* [ACTIVITY]:
When the word "http" shows up in a line of the records below, copy that line.

---------- SUPPLIED INFORMATION ----------

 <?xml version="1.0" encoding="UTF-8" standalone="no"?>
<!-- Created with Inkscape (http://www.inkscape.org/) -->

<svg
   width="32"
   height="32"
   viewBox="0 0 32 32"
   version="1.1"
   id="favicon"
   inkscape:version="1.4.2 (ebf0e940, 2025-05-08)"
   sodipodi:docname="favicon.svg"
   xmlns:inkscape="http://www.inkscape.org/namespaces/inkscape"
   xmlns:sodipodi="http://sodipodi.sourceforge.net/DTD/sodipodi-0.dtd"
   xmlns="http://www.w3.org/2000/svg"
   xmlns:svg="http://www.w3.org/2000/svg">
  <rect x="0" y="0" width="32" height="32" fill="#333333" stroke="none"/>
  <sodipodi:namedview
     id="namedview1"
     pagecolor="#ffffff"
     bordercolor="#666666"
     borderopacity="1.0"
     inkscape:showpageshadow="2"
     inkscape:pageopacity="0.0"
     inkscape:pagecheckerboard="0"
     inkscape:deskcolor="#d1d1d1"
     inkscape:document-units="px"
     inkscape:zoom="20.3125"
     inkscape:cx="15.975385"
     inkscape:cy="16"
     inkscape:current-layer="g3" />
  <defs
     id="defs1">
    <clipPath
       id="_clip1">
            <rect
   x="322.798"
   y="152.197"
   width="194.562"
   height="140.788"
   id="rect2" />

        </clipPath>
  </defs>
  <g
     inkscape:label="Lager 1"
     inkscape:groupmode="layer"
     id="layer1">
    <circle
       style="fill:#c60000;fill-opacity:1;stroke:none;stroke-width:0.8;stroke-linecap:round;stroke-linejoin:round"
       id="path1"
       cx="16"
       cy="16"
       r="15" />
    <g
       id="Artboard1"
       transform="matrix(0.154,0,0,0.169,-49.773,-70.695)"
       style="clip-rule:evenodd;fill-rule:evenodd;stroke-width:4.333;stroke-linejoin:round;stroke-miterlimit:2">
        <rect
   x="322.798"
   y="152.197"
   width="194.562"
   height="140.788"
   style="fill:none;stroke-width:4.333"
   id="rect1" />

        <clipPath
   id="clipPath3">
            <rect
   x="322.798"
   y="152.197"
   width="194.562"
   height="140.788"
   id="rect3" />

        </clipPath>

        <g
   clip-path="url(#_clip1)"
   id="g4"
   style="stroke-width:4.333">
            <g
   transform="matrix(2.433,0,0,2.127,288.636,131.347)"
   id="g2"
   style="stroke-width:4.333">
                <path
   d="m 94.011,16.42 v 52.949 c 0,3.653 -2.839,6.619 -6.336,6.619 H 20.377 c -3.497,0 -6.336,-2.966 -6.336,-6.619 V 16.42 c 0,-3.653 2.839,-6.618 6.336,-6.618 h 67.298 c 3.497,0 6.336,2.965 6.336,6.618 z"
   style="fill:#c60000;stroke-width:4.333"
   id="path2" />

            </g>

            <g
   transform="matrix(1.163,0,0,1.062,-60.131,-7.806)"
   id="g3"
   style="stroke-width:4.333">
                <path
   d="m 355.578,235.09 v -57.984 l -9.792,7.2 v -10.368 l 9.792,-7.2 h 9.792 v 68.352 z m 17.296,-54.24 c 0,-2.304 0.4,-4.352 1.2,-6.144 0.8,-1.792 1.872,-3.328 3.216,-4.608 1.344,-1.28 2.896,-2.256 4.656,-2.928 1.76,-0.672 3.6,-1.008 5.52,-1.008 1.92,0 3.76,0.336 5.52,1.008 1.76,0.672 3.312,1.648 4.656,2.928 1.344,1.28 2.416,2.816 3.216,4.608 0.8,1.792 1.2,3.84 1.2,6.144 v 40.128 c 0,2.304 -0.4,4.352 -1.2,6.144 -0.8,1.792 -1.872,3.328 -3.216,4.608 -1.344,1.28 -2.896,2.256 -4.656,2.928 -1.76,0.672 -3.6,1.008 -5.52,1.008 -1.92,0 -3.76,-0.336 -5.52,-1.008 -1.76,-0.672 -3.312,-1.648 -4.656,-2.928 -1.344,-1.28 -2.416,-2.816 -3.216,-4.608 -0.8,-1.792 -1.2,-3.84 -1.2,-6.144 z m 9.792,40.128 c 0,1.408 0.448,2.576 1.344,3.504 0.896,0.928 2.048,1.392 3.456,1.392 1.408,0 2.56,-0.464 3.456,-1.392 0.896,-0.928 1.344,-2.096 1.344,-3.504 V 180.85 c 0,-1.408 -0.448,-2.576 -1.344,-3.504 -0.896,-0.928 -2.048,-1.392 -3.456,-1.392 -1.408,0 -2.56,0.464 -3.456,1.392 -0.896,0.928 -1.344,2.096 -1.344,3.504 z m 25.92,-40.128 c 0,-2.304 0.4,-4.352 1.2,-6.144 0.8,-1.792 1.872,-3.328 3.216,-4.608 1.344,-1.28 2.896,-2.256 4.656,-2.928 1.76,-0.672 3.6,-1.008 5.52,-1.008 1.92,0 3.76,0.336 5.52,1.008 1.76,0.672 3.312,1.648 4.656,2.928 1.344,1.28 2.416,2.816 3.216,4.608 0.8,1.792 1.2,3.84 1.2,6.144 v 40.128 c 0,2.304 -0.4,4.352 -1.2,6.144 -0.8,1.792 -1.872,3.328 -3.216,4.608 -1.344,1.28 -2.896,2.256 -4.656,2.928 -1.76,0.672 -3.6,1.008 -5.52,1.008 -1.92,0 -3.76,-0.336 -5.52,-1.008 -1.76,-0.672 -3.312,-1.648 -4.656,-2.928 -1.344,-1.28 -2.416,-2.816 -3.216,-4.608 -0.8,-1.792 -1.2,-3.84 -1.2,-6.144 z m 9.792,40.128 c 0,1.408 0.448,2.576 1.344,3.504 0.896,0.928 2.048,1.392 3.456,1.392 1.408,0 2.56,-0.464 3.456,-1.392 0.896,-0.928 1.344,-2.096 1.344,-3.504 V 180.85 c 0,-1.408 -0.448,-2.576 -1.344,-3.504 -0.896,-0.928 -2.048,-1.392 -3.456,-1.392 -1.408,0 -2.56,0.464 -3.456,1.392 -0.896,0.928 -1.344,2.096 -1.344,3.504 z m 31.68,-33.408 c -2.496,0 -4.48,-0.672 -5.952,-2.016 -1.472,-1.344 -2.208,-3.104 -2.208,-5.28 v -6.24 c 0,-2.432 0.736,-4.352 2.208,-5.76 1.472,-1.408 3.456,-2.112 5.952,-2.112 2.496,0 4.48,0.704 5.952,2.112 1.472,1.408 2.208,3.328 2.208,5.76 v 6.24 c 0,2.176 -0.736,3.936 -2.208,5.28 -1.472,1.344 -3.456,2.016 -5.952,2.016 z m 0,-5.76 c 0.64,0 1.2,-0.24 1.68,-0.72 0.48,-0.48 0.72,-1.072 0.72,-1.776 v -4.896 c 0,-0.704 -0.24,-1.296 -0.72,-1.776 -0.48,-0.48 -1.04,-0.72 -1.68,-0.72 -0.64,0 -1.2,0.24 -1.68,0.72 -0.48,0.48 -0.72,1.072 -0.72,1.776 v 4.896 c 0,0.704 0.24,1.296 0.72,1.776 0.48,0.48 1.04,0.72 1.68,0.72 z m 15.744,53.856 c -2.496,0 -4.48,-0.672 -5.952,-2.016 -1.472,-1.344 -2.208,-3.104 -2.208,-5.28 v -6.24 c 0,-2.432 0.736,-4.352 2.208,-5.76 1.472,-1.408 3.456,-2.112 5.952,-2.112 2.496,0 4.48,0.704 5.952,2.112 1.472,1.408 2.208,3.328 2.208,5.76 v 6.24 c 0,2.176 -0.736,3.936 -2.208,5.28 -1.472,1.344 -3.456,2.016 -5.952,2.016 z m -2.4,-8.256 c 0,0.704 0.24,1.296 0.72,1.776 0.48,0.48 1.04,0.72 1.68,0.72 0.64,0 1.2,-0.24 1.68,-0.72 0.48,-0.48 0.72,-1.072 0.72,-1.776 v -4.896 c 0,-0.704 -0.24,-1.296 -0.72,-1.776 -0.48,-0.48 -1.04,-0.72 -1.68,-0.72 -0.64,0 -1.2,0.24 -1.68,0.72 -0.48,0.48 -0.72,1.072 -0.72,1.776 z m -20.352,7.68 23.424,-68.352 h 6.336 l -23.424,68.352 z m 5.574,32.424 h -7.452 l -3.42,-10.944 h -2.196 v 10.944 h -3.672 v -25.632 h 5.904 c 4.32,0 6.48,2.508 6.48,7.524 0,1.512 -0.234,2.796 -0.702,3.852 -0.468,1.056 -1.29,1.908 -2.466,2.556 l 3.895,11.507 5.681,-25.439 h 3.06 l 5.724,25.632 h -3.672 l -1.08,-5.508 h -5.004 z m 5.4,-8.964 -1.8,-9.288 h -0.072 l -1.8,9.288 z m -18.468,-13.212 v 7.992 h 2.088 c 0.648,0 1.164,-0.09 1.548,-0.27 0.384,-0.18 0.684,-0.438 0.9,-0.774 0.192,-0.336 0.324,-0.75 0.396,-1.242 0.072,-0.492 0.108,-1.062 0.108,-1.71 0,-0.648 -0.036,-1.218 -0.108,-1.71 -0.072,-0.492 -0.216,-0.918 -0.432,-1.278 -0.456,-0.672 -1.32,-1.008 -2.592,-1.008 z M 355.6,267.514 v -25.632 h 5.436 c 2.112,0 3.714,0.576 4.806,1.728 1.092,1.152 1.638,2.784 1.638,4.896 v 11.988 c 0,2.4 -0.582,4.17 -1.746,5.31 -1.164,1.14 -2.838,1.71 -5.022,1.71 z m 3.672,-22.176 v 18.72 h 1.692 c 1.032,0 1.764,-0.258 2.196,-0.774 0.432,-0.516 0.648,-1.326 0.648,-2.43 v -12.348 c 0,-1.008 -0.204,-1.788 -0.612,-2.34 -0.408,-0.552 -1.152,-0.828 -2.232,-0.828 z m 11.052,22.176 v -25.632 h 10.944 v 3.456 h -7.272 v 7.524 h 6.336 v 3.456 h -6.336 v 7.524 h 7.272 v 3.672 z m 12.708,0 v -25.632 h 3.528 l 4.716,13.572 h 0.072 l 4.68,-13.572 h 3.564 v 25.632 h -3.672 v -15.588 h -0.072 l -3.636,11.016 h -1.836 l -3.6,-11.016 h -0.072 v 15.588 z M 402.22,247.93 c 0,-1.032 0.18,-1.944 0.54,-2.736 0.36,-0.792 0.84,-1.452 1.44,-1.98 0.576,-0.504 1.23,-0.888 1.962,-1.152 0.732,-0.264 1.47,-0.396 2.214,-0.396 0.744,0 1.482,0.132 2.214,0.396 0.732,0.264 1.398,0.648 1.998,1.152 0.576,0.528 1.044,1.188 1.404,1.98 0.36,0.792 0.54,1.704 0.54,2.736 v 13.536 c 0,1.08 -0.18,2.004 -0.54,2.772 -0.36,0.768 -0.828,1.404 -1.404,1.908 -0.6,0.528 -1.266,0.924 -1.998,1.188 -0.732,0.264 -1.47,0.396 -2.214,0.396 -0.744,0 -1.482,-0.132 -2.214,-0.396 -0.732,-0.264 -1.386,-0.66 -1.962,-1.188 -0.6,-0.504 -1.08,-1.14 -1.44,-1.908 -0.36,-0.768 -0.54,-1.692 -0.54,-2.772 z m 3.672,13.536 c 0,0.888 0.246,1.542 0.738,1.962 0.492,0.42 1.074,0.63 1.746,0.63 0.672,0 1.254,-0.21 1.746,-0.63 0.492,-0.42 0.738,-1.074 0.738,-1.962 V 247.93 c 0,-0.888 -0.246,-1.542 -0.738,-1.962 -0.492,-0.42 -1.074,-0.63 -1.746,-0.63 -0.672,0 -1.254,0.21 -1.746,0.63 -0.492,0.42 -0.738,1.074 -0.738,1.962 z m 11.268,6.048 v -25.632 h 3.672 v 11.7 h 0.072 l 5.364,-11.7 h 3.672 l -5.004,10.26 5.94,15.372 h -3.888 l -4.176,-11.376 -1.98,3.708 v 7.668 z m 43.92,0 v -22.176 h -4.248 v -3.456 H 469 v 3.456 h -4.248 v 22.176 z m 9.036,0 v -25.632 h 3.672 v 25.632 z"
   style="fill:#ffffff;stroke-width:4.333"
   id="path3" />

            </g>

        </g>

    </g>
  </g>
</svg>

----------
---------- SUPPLIED INFORMATION ----------

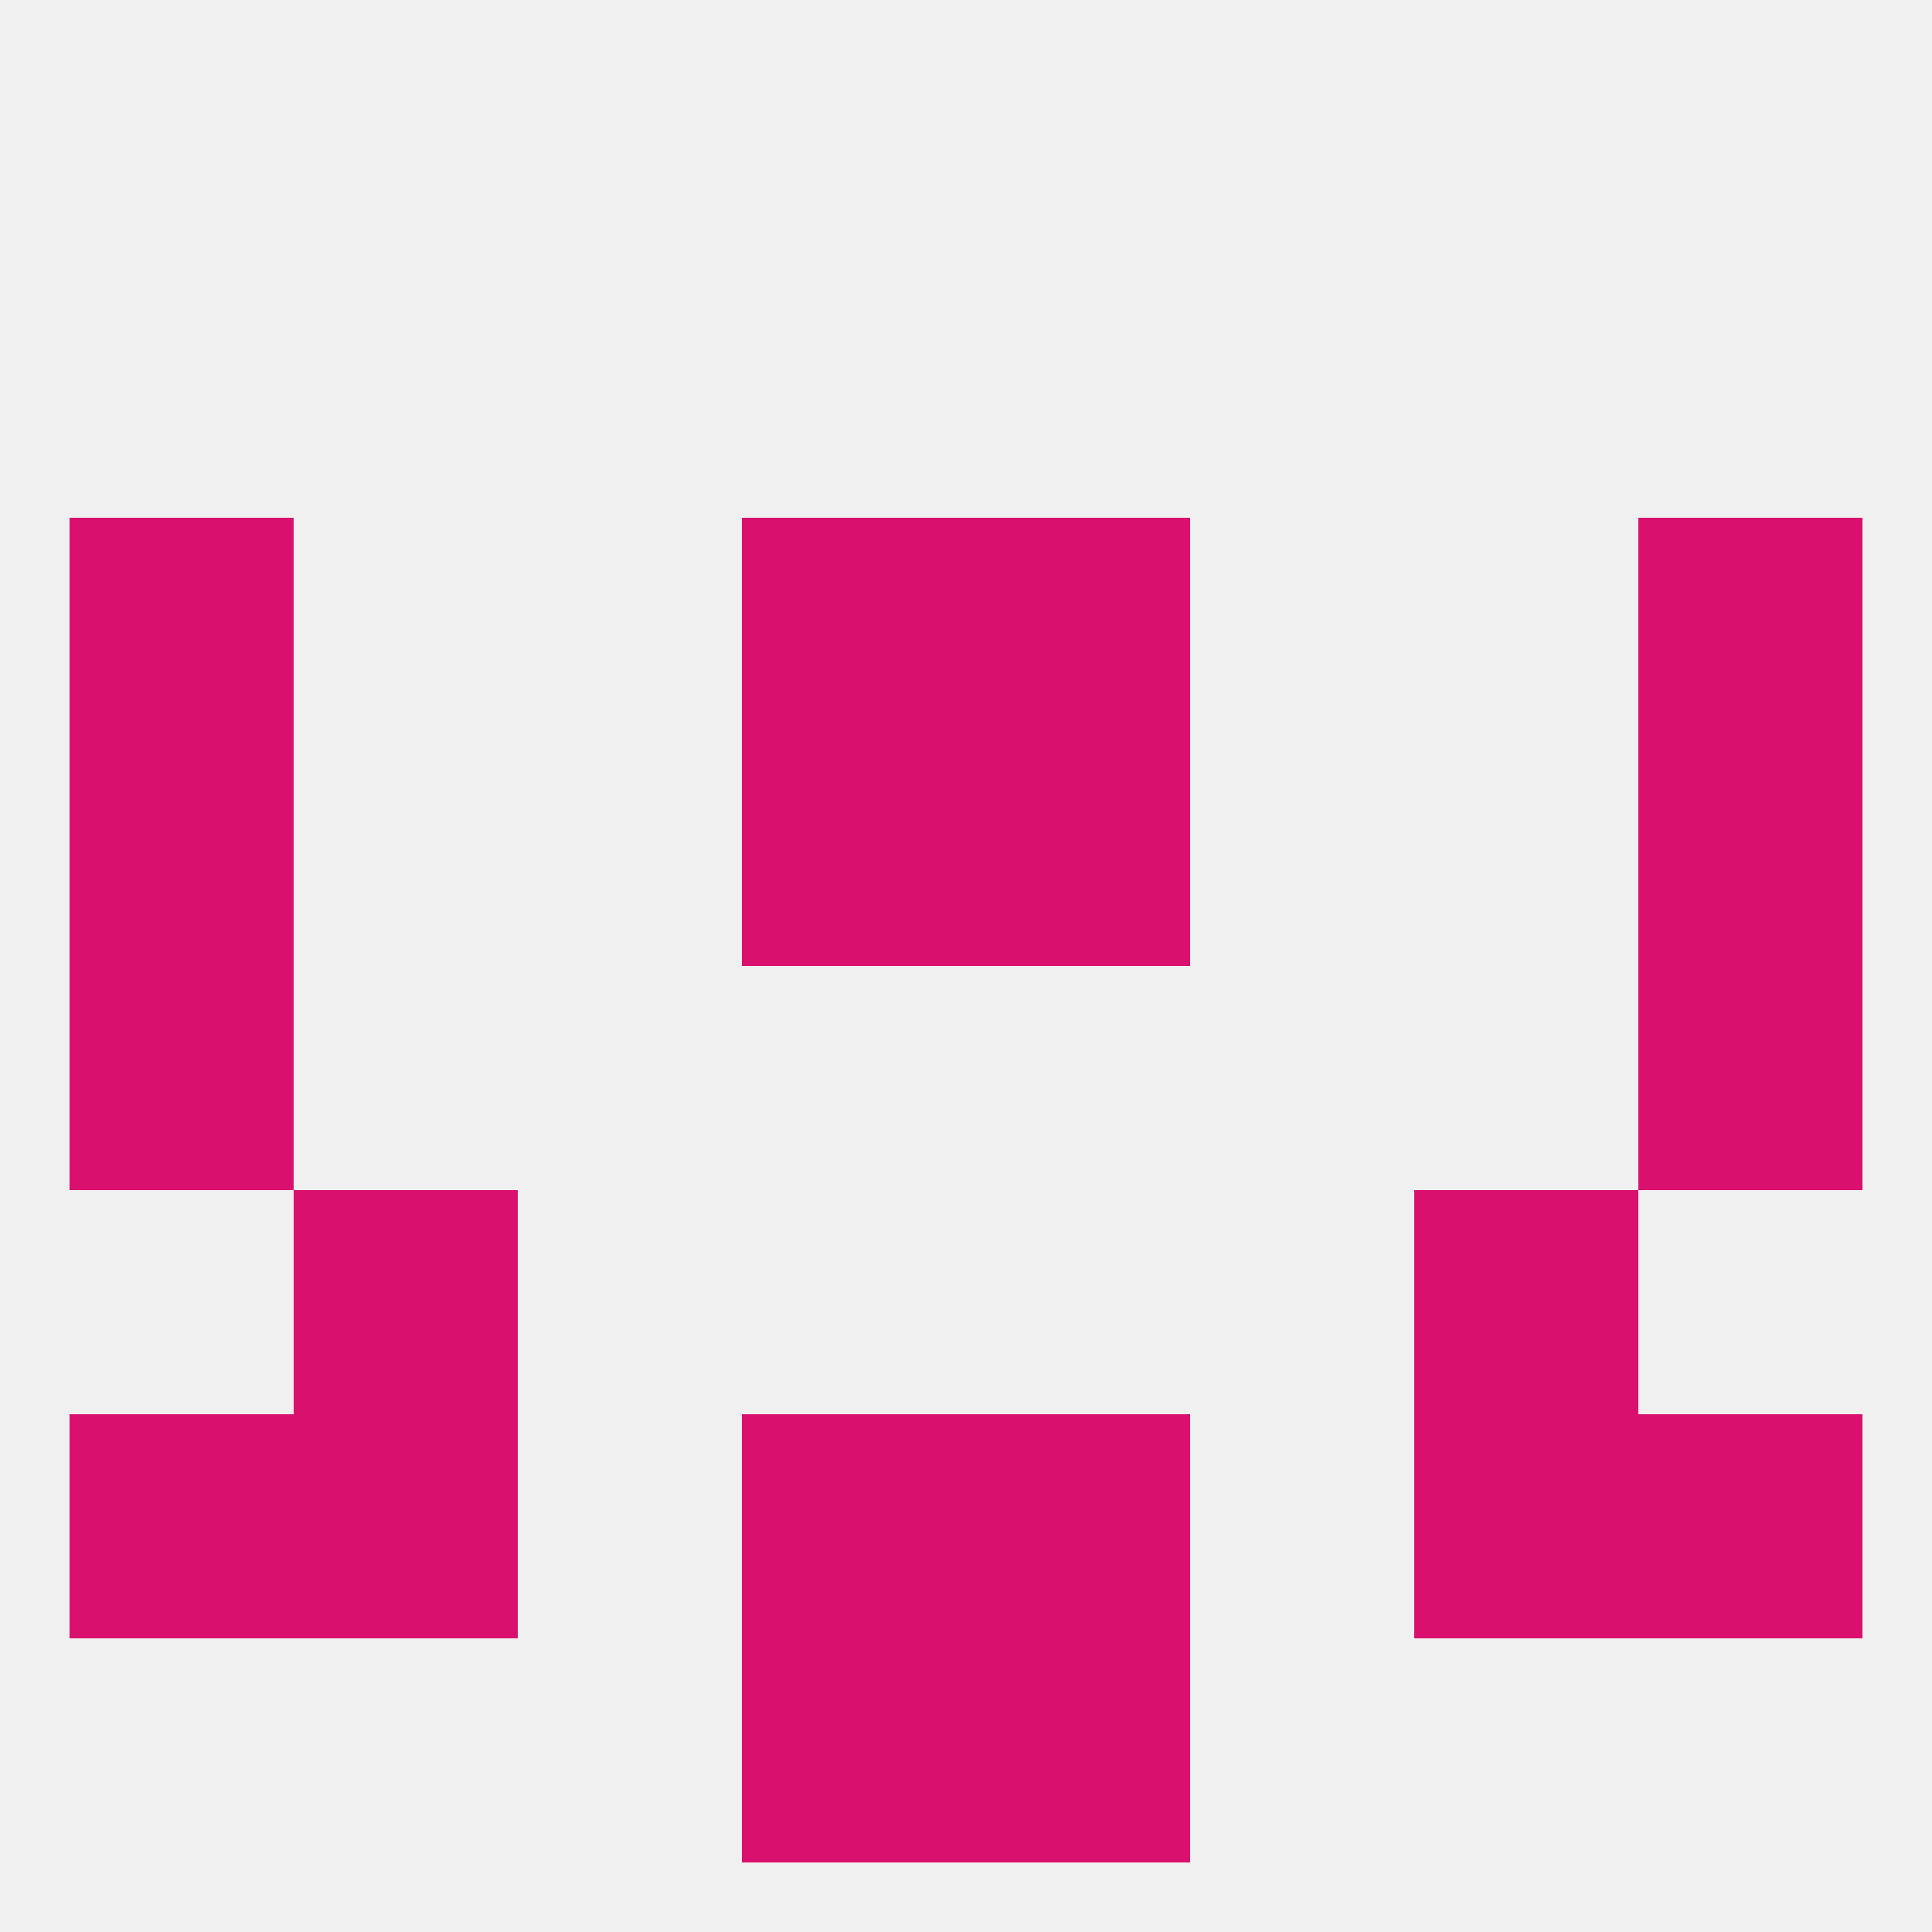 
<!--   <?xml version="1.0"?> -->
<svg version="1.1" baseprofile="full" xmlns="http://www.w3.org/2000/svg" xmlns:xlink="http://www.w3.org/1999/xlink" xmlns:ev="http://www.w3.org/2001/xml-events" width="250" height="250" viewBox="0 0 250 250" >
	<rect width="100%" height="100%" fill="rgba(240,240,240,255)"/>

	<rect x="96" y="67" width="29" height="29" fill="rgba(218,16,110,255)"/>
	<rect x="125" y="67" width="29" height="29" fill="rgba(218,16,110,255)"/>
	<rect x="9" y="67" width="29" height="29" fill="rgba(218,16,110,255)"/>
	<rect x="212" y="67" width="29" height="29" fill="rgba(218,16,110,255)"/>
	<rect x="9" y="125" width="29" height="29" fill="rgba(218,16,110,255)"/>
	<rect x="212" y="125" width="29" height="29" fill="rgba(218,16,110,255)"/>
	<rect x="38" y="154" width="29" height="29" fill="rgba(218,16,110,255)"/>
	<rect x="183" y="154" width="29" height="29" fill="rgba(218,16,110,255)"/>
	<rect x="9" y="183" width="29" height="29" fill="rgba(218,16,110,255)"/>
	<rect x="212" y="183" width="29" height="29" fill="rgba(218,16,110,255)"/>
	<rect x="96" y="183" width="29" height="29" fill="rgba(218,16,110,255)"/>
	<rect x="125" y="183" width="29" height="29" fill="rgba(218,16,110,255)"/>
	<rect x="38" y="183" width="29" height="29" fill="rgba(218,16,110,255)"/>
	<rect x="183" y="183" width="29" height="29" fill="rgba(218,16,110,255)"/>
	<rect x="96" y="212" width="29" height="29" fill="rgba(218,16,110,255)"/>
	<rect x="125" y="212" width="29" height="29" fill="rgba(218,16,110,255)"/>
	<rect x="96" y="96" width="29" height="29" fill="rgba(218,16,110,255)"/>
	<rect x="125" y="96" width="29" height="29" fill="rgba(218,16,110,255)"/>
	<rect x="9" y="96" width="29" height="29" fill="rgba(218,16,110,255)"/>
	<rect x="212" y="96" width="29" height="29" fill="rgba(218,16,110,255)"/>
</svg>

----------

* [ANSWER TO THIS PROBLEM]:
<!-- Created with Inkscape (http://www.inkscape.org/) -->
   xmlns:inkscape="http://www.inkscape.org/namespaces/inkscape"
   xmlns:sodipodi="http://sodipodi.sourceforge.net/DTD/sodipodi-0.dtd"
   xmlns="http://www.w3.org/2000/svg"
   xmlns:svg="http://www.w3.org/2000/svg">
<svg version="1.1" baseprofile="full" xmlns="http://www.w3.org/2000/svg" xmlns:xlink="http://www.w3.org/1999/xlink" xmlns:ev="http://www.w3.org/2001/xml-events" width="250" height="250" viewBox="0 0 250 250" >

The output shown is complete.